This patch address the inefficient return of complex values (with the x86
ABI) where the result is returned to the caller in an integer register.
Currently this results in RTL expansion spilling the value to memory
and reloading it in an integer register. The patch below recognizes
this case, and composes the real and imaginary parts using shifts and
addition. The real part always appears first in memory, so is lowpart
on little-endian targets, and the highpart on big-endian targets.
Consider the new test case:
_Complex float mem;
_Complex float foo(_Complex float x) { return x; }
_Complex float bar() { return mem; }
Currently, with -O2 GCC generates:
foo: movss %xmm0, -8(%rsp)
shufps $85, %xmm0, %xmm0
movss %xmm0, -4(%rsp)
movq -8(%rsp), %xmm0
ret
bar: movss mem(%rip), %xmm0
movss %xmm0, -8(%rsp)
movss mem+4(%rip), %xmm0
movss %xmm0, -4(%rsp)
movq -8(%rsp), %xmm0
ret
With this patch, we now generate:
foo: ret
bar: movl mem+4(%rip), %edx
movl mem(%rip), %eax
salq $32, %rdx
addq %rdx, %rax
movq %rax, %xmm0
ret
For those folks noticing that bar could be improved further, I've
a follow-up patch to the i386's STV2 pass, to perform concatsidi2 in
SSE registers.
This patch has been tested on x86_64-pc-linux-gnu with make bootstrap
and make -k check, both with and without --target_board=unix{-m32}
with no new failures. Ok for mainline?
2026-07-01 Roger Sayle <[email protected]>
gcc/ChangeLog
PR target/48609
* expr.cc (emit_group_load_1): When passing a complex value in an
integer mode of the same size, explicitly construct (hi<<N)+lo to
avoid spilling to memory before reload.
gcc/testsuite/ChangeLog
PR target/48609
* gcc.target/i386/pr48609-2.c: New test case.
Thanks in advance,
Roger
--
diff --git a/gcc/expr.cc b/gcc/expr.cc
index 43931687d63..d10626979ab 100644
--- a/gcc/expr.cc
+++ b/gcc/expr.cc
@@ -3062,6 +3062,28 @@ emit_group_load_1 (rtx *tmps, rtx dst, rtx orig_src,
tree type,
&& known_eq (bytelen, GET_MODE_SIZE (mode)))

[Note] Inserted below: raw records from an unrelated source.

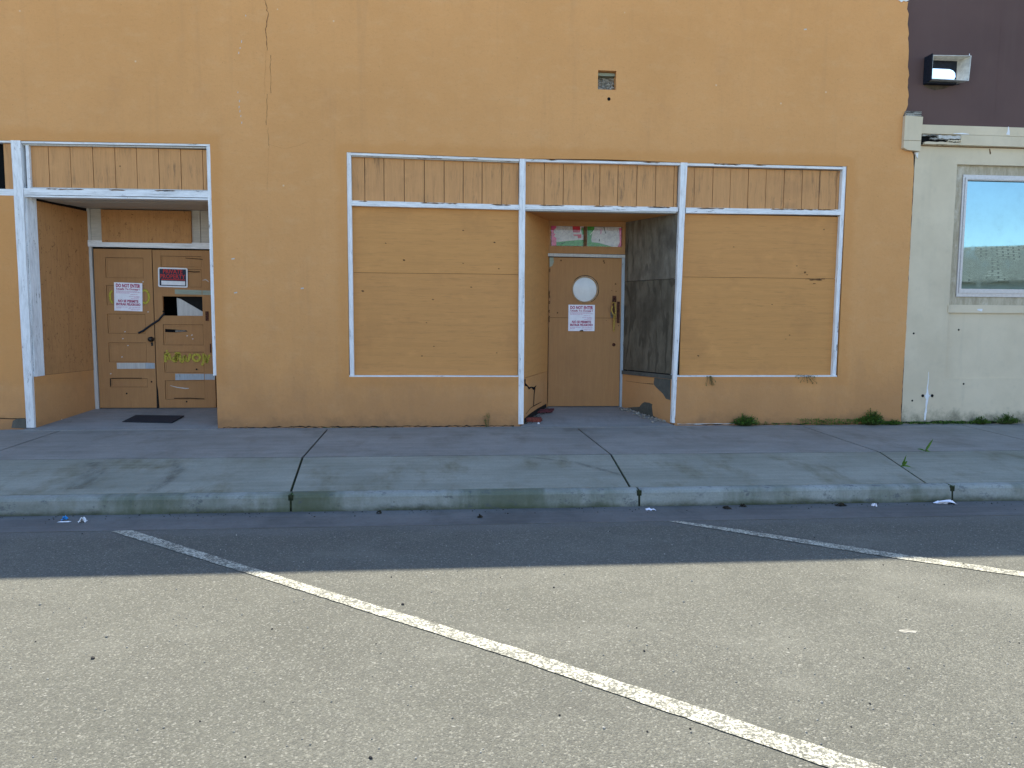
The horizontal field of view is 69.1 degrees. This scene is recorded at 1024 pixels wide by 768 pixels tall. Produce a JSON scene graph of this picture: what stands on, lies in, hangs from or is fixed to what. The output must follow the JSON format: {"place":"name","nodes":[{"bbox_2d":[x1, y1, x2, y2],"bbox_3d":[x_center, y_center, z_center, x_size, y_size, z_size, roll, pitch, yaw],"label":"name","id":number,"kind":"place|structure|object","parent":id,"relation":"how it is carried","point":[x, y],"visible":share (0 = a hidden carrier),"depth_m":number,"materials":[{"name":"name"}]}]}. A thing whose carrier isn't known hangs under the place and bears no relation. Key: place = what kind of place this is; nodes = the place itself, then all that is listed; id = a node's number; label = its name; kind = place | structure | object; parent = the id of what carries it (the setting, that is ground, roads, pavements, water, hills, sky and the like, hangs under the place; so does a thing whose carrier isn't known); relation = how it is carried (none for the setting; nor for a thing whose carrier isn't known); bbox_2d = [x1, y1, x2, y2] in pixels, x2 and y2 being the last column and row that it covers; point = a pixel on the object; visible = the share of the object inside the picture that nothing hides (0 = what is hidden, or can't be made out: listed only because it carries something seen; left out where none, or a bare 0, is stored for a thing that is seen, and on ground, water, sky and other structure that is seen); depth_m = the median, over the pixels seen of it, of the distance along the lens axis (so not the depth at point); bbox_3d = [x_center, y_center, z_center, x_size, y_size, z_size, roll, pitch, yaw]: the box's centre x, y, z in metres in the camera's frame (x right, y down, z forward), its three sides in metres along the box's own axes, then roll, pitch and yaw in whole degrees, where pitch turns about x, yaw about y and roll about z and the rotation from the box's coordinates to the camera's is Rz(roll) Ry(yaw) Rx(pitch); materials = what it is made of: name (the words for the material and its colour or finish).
{"place":"outdoors","nodes":[
{"label":"outdoors","id":0,"kind":"place"},
{"bbox_2d":[0,515,1023,767],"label":"road","id":1,"kind":"structure","parent":0,"point":[158,673],"depth_m":3.61,"materials":[{"name":"grey asphalt"}]},
{"bbox_2d":[112,530,885,767],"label":"road marking","id":2,"kind":"object","parent":1,"relation":"on","point":[817,754],"visible":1,"depth_m":3.28,"materials":[{"name":"paint"}]},
{"bbox_2d":[1,520,1023,767],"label":"grit","id":3,"kind":"object","parent":1,"relation":"on","point":[473,600],"visible":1,"depth_m":3.60,"materials":[{"name":"black gravel"}]},
{"bbox_2d":[35,531,1019,757],"bbox_3d":[0.507,1.239,3.972,12.058,0.015,3.514,0,5,-5],"label":"grit","id":4,"kind":"object","parent":1,"relation":"on","point":[579,627],"visible":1,"depth_m":3.58,"materials":[{"name":"gravel"}]},
{"bbox_2d":[671,521,1023,576],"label":"road marking","id":5,"kind":"object","parent":1,"relation":"on","point":[934,561],"visible":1,"depth_m":5.09,"materials":[{"name":"paint"}]},
{"bbox_2d":[899,629,916,632],"bbox_3d":[2.024,1.265,3.806,0.093,0.002,0.046,0,5,-5],"label":"paint splash","id":6,"kind":"object","parent":1,"relation":"on","point":[907,631],"visible":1,"depth_m":3.80,"materials":[{"name":"white paint"}]},
{"bbox_2d":[0,451,1023,494],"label":"sidewalk apron","id":7,"kind":"object","parent":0,"point":[103,476],"visible":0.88,"depth_m":6.81,"materials":[{"name":"grey concrete"}]},
{"bbox_2d":[901,456,909,466],"bbox_3d":[3.790,0.747,7.175,0.120,0.126,0.060,1,5,2],"label":"crack weed","id":8,"kind":"object","parent":7,"relation":"on","point":[903,463],"visible":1,"depth_m":7.19,"materials":[{"name":"green plant"}]},
{"bbox_2d":[0,425,1023,459],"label":"sidewalk","id":9,"kind":"structure","parent":0,"point":[116,444],"depth_m":8.23,"materials":[{"name":"grey concrete"}]},
{"bbox_2d":[0,0,913,430],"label":"storefront building","id":10,"kind":"structure","parent":9,"relation":"on","point":[348,212],"depth_m":9.13,"materials":[{"name":"orange paint"}]},
{"bbox_2d":[114,282,142,310],"bbox_3d":[-4.995,-1.134,9.685,0.353,0.366,0.003,1,5,-5],"label":"paper notice","id":11,"kind":"object","parent":10,"relation":"attached to","point":[127,296],"visible":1,"depth_m":9.69,"materials":[{"name":"white paper"}]},
{"bbox_2d":[93,249,208,407],"bbox_3d":[-4.694,-0.710,9.743,1.436,2.078,0.100,0,5,-5],"label":"door","id":12,"kind":"structure","parent":10,"relation":"in","point":[126,356],"depth_m":9.73,"materials":[{"name":"brown wood"}]},
{"bbox_2d":[138,313,164,333],"bbox_3d":[-4.720,-0.792,9.738,0.343,0.276,0.046,0,5,-9],"label":"black cord","id":13,"kind":"object","parent":10,"relation":"hanging from","point":[151,324],"visible":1,"depth_m":9.73,"materials":[{"name":"rubber"}]},
{"bbox_2d":[122,415,183,422],"bbox_3d":[-4.478,0.437,9.296,0.624,0.013,0.320,1,12,2],"label":"door mat","id":14,"kind":"object","parent":10,"relation":"on","point":[154,418],"depth_m":9.29,"materials":[{"name":"rubber"}]},
{"bbox_2d":[158,267,187,287],"bbox_3d":[-4.426,-1.389,9.710,0.372,0.254,0.007,1,5,-5],"label":"private property sign","id":15,"kind":"object","parent":10,"relation":"attached to","point":[173,277],"visible":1,"depth_m":9.71,"materials":[{"name":"plastic"}]},
{"bbox_2d":[152,250,216,407],"bbox_3d":[-4.311,-0.717,9.820,0.747,2.065,0.076,0,5,-5],"label":"door","id":16,"kind":"structure","parent":10,"relation":"in","point":[178,355],"depth_m":9.81,"materials":[{"name":"brown wood"}]},
{"bbox_2d":[526,417,541,421],"bbox_3d":[0.270,0.453,9.513,0.243,0.057,0.097,1,5,3],"label":"brick fragment","id":17,"kind":"object","parent":10,"relation":"on","point":[534,419],"visible":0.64,"depth_m":9.47,"materials":[{"name":"red brick"}]},
{"bbox_2d":[551,226,583,245],"bbox_3d":[0.761,-2.020,10.151,0.460,0.266,0.008,0,5,-5],"label":"torn poster","id":18,"kind":"object","parent":10,"relation":"attached to","point":[567,235],"visible":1,"depth_m":10.15,"materials":[{"name":"paper"}]},
{"bbox_2d":[568,305,594,330],"bbox_3d":[0.956,-0.907,10.226,0.367,0.362,0.004,0,5,-5],"label":"paper notice","id":19,"kind":"object","parent":10,"relation":"attached to","point":[581,317],"visible":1,"depth_m":10.23,"materials":[{"name":"white paper"}]},
{"bbox_2d":[547,257,621,405],"bbox_3d":[0.999,-0.707,10.242,1.009,2.038,0.103,0,5,-5],"label":"door","id":20,"kind":"structure","parent":10,"relation":"in","point":[584,366],"depth_m":10.26,"materials":[{"name":"brown wood"}]},
{"bbox_2d":[548,221,625,254],"bbox_3d":[1.022,-2.007,10.165,1.130,0.454,0.050,0,5,-5],"label":"transom window","id":21,"kind":"structure","parent":10,"relation":"in","point":[584,249],"depth_m":10.15,"materials":[{"name":"brown wood"}]},
{"bbox_2d":[587,227,620,246],"bbox_3d":[1.265,-2.018,10.195,0.482,0.272,0.008,0,5,-5],"label":"torn poster","id":22,"kind":"object","parent":10,"relation":"attached to","point":[603,236],"visible":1,"depth_m":10.20,"materials":[{"name":"paper"}]},
{"bbox_2d":[598,78,614,89],"bbox_3d":[1.140,-3.678,9.169,0.268,0.220,0.158,0,5,-5],"label":"rubble","id":23,"kind":"object","parent":10,"relation":"on","point":[605,84],"visible":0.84,"depth_m":9.16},
{"bbox_2d":[611,302,615,330],"bbox_3d":[1.404,-0.924,10.216,0.069,0.406,0.102,4,6,33],"label":"door handle","id":24,"kind":"object","parent":10,"relation":"attached to","point":[614,317],"visible":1,"depth_m":10.20,"materials":[{"name":"gold metal"}]},
{"bbox_2d":[618,408,665,422],"bbox_3d":[1.730,0.412,9.921,0.227,0.107,0.842,-2,6,-26],"label":"rubble","id":25,"kind":"object","parent":10,"relation":"on","point":[643,415],"visible":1,"depth_m":9.87,"materials":[{"name":"grey concrete"}]},
{"bbox_2d":[797,374,817,383],"bbox_3d":[3.791,-0.062,9.578,0.310,0.128,0.032,0,5,-5],"label":"sill plant","id":26,"kind":"object","parent":10,"relation":"on","point":[807,376],"visible":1,"depth_m":9.58,"materials":[{"name":"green plant"}]},
{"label":"rubble","id":27,"kind":"object","parent":10,"relation":"on","visible":0},
{"bbox_2d":[538,408,553,412],"bbox_3d":[0.379,0.362,9.960,0.400,0.020,0.120,-5,16,-10],"label":"broken tile","id":28,"kind":"object","parent":27,"relation":"on","point":[546,410],"visible":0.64,"depth_m":9.94,"materials":[{"name":"red tile"}]},
{"bbox_2d":[290,432,629,490],"bbox_3d":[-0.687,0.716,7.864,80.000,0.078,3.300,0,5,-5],"label":"sidewalk joint","id":29,"kind":"object","parent":9,"relation":"on","point":[325,432],"depth_m":6.87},
{"bbox_2d":[266,426,954,495],"bbox_3d":[-0.626,0.712,7.689,14.556,0.111,3.138,0,5,-5],"label":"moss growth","id":30,"kind":"object","parent":29,"relation":"on","point":[512,426],"visible":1,"depth_m":9.09,"materials":[{"name":"green plant"}]},
{"bbox_2d":[0,424,1023,430],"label":"footing","id":31,"kind":"object","parent":9,"relation":"on","point":[557,427],"visible":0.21,"depth_m":9.25,"materials":[{"name":"grey concrete"}]},
{"bbox_2d":[731,413,759,425],"bbox_3d":[2.977,0.459,9.474,0.408,0.171,0.197,0,5,-5],"label":"weed","id":32,"kind":"object","parent":31,"relation":"on","point":[745,421],"visible":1,"depth_m":9.49,"materials":[{"name":"green plant"}]},
{"bbox_2d":[757,418,981,425],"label":"ground weeds","id":33,"kind":"object","parent":31,"relation":"on","point":[911,422],"visible":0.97,"depth_m":9.67,"materials":[{"name":"green plant"}]},
{"bbox_2d":[856,408,888,425],"bbox_3d":[4.682,0.430,9.609,0.419,0.229,0.224,0,5,-5],"label":"weed","id":34,"kind":"object","parent":31,"relation":"on","point":[872,419],"visible":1,"depth_m":9.64,"materials":[{"name":"green plant"}]},
{"bbox_2d":[887,419,902,424],"bbox_3d":[4.970,0.497,9.682,0.234,0.086,0.133,0,5,-5],"label":"weed","id":35,"kind":"object","parent":31,"relation":"on","point":[896,422],"visible":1,"depth_m":9.67,"materials":[{"name":"green plant"}]},
{"bbox_2d":[974,416,990,424],"bbox_3d":[6.179,0.477,9.794,0.253,0.122,0.136,1,5,8],"label":"weed","id":36,"kind":"object","parent":31,"relation":"on","point":[984,421],"visible":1,"depth_m":9.80,"materials":[{"name":"green plant"}]},
{"bbox_2d":[991,412,1023,423],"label":"weed","id":37,"kind":"object","parent":31,"relation":"on","point":[1006,419],"visible":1,"depth_m":9.83,"materials":[{"name":"green plant"}]},
{"bbox_2d":[180,451,936,458],"bbox_3d":[1.247,0.716,7.562,27.800,0.001,0.030,0,5,-5],"label":"sidewalk seam","id":38,"kind":"object","parent":9,"relation":"on","point":[610,454],"visible":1,"depth_m":7.55,"materials":[{"name":"grey concrete"}]},
{"bbox_2d":[919,439,932,451],"bbox_3d":[4.321,0.649,7.808,0.172,0.151,0.039,0,5,-5],"label":"crack weed","id":39,"kind":"object","parent":38,"relation":"on","point":[927,447],"visible":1,"depth_m":7.82,"materials":[{"name":"green plant"}]},
{"bbox_2d":[901,0,1023,423],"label":"neighbour building","id":40,"kind":"structure","parent":9,"relation":"on","point":[963,136],"depth_m":9.62,"materials":[{"name":"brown paint"}]},
{"bbox_2d":[949,165,1023,304],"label":"window","id":41,"kind":"structure","parent":40,"relation":"in","point":[987,265],"depth_m":9.72,"materials":[{"name":"glass"}]},
{"bbox_2d":[932,68,954,78],"label":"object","id":42,"kind":"structure","parent":0,"point":[936,73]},
{"label":"ground","id":43,"kind":"structure","parent":0,"visible":0},
{"bbox_2d":[0,482,1023,515],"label":"curb","id":44,"kind":"structure","parent":43,"relation":"on","point":[157,503],"depth_m":6.19,"materials":[{"name":"grey concrete"}]},
{"bbox_2d":[288,486,954,510],"bbox_3d":[-0.492,0.977,6.212,14.540,0.156,0.098,0,5,-5],"label":"curb joint","id":45,"kind":"object","parent":44,"relation":"on","point":[639,494],"visible":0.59,"depth_m":6.30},
{"bbox_2d":[0,501,1023,532],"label":"gutter","id":46,"kind":"object","parent":43,"relation":"on","point":[96,523],"visible":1,"depth_m":5.94,"materials":[{"name":"grey concrete"}]},
{"bbox_2d":[0,502,1015,519],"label":"grit","id":47,"kind":"object","parent":46,"relation":"on","point":[485,511],"visible":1,"depth_m":6.09,"materials":[{"name":"grey gravel"}]},
{"bbox_2d":[933,500,955,503],"bbox_3d":[3.750,1.024,6.456,0.223,0.027,0.070,0,5,-5],"label":"paper scrap","id":48,"kind":"object","parent":46,"relation":"on","point":[943,502],"visible":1,"depth_m":6.46,"materials":[{"name":"white paper"}]}
]}

/* Let emit_move_complex do the bulk of the work. */
tmps[i] = src;
+ else if (SCALAR_INT_MODE_P (mode)
+ && COMPLEX_MODE_P (GET_MODE (src))
+ && known_eq (GET_MODE_SIZE (mode),
+ GET_MODE_SIZE (GET_MODE (src)))
+ && known_eq (bytelen, GET_MODE_SIZE (mode)))
+ {
+ /* When passing a complex value in an integer mode of the same
+ size, explicitly construct (highpart<<isize)+lowpart to
+ avoid spilling to memory before reload. */
+ rtx tmp = read_complex_part (src, !BYTES_BIG_ENDIAN);
+ scalar_int_mode imode = int_mode_for_mode (GET_MODE (tmp)).require();
+ tmp = gen_lowpart (imode, tmp);
+ tmp = simplify_gen_unary (ZERO_EXTEND, mode, tmp, imode);
+ rtx result = force_reg (mode, tmp);
+ result = expand_shift (LSHIFT_EXPR, mode, result,
+ GET_MODE_BITSIZE (imode), NULL_RTX, 1);
+ tmp = read_complex_part (src, BYTES_BIG_ENDIAN);
+ tmp = gen_lowpart (imode, tmp);
+ tmp = simplify_gen_unary (ZERO_EXTEND, mode, tmp, imode);
+ result = simplify_gen_binary (PLUS, mode, result, tmp);
+ tmps[i] = force_reg (mode, result);
+ }
else if (GET_CODE (src) == CONCAT)
{
poly_int64 slen = GET_MODE_SIZE (GET_MODE (src));
diff --git a/gcc/testsuite/gcc.target/i386/pr48609-2.c
b/gcc/testsuite/gcc.target/i386/pr48609-2.c
new file mode 100644
index 00000000000..f7c0fa06a71
--- /dev/null
+++ b/gcc/testsuite/gcc.target/i386/pr48609-2.c
@@ -0,0 +1,17 @@
+/* PR target/48609 */
+/* { dg-do compile { target { ! ia32 } } } */
+/* { dg-options "-O2" } */
+
+_Complex float mem;
+
+_Complex float foo(_Complex float x)
+{
+ return x;
+}
+
+_Complex float bar()
+{
+ return mem;
+}
+
+/* { dg-final { scan-assembler-not "%rsp" } } */